## Given data
....

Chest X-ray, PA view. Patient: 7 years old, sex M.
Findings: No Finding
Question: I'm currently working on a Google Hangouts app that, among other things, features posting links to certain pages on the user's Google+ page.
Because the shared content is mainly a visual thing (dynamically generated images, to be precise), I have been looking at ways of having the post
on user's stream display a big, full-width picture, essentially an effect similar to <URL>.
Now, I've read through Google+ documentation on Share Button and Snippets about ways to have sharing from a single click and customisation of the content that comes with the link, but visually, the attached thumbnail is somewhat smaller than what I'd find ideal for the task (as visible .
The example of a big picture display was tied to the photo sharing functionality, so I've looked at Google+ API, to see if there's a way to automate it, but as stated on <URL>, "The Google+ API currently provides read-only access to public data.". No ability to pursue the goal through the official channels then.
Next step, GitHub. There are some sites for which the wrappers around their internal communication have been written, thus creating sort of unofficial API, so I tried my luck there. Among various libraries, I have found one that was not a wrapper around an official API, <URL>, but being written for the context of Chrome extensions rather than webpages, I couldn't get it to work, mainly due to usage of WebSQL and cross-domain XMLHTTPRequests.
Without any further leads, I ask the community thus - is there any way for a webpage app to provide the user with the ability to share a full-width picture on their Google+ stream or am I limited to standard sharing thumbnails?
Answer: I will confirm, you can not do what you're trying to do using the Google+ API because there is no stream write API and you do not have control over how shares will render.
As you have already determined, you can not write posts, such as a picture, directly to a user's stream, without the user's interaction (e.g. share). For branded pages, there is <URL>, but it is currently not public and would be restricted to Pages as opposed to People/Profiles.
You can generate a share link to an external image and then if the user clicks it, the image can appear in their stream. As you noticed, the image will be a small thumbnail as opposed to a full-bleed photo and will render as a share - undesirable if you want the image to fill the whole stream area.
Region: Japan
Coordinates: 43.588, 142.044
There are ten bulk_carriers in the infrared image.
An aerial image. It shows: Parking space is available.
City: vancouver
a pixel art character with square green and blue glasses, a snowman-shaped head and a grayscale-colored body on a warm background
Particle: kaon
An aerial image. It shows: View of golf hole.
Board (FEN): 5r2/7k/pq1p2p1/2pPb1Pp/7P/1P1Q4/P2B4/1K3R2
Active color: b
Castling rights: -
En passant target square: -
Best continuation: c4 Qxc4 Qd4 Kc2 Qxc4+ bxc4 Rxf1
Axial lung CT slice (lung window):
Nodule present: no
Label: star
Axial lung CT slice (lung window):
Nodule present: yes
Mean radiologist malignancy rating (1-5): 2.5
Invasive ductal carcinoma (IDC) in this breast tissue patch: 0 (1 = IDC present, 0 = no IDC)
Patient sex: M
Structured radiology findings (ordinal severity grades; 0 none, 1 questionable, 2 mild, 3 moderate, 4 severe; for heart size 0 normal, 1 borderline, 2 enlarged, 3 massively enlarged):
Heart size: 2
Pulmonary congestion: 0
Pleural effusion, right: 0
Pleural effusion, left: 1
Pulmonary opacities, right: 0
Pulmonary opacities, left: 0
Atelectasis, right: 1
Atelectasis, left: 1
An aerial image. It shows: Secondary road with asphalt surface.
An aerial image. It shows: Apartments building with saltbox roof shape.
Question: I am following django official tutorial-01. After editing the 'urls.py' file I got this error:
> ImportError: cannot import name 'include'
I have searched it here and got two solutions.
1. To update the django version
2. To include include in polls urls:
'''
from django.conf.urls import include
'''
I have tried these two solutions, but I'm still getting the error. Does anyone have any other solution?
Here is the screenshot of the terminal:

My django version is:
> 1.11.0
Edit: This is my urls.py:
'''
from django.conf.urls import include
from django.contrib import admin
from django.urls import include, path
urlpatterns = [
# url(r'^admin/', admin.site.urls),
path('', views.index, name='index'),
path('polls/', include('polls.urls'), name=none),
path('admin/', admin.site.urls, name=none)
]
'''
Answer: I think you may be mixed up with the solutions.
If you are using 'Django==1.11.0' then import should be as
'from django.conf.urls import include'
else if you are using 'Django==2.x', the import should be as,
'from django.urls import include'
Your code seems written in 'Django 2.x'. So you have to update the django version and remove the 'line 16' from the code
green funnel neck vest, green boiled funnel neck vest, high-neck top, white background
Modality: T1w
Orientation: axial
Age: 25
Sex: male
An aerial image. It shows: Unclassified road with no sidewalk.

....

## Prompt
From the entries above, pull out each line that includes "Pleural".

## Expected output
Pleural effusion, right: 0
Pleural effusion, left: 1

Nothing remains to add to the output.